On a rarement vu cela, mais il faut dire qu’avec cette crise, nous avons basculé dans une économie largement administrée. Le ministre de l’Economie Bruno Le Maire vient donc de lancer un ultimatum aux assureurs. Il leur demande, au minimum, de geler les primes que doivent régler les cafés, hôtels et restaurants alors qu’ils sont fermés. Vous pensiez que les prix étaient libres en France, que les assureurs pouvaient fixer leurs tarifs librement, en fonction de leur calcul de risque, de la concurrence etc. Et bien l’histoire est un petit peu plus compliquée. C’est la crise. L’État tape donc du poing sur la table et donne jusqu’à lundi aux assureurs pour faire un geste.

Sinon ?

Sinon ils seront taxés. Le sénat a déjà voté un projet de taxe dite "de solidarité" qui coûterait 1,2 milliard d’euros aux assureurs, ce n’est pas rien.
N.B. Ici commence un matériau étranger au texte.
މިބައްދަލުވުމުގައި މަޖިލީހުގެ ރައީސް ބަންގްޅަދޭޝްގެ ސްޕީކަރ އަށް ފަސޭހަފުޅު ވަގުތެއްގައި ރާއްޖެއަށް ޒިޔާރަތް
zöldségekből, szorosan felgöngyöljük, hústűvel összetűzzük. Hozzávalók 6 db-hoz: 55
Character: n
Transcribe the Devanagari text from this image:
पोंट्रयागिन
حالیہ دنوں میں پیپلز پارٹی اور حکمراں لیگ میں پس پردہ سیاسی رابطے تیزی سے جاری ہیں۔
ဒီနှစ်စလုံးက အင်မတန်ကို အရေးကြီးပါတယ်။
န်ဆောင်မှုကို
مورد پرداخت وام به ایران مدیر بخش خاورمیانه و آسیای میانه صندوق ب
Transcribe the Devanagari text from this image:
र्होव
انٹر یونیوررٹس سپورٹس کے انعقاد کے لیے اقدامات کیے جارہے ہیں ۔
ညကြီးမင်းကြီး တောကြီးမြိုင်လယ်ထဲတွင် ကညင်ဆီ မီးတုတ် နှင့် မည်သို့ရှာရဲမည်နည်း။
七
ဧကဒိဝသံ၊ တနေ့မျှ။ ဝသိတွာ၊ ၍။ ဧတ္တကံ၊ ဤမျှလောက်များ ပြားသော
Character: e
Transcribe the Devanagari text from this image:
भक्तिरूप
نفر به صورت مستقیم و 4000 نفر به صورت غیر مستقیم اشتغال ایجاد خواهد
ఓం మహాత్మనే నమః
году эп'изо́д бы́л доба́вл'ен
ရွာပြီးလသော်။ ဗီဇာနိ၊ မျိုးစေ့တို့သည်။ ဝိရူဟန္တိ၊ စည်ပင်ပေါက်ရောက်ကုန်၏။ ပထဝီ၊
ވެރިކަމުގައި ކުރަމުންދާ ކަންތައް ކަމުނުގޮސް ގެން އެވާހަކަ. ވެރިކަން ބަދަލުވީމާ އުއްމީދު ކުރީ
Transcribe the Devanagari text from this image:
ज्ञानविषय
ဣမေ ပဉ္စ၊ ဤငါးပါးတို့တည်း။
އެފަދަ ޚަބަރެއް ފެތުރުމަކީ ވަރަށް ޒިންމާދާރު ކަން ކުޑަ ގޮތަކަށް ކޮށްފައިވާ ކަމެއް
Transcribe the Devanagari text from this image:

Bref, si les compagnies ne font pas un geste pour les hôtels, cafés restaurants, la taxe sera votée par les députés. C’est brutal, Bruno Le Maire l’a reconnu, mais c’est efficace. Et il faut dire que les assureurs sont une cible tentante. Dans cette crise, ce sont les banques qui s’en sortent bien, elles ont plutôt une bonne image même si ce n’était pas du tout gagné d’avance. Elles ont distribué les prêts garantis par l’État très vite, elles ont accordé des moratoires, étalé des échéances et...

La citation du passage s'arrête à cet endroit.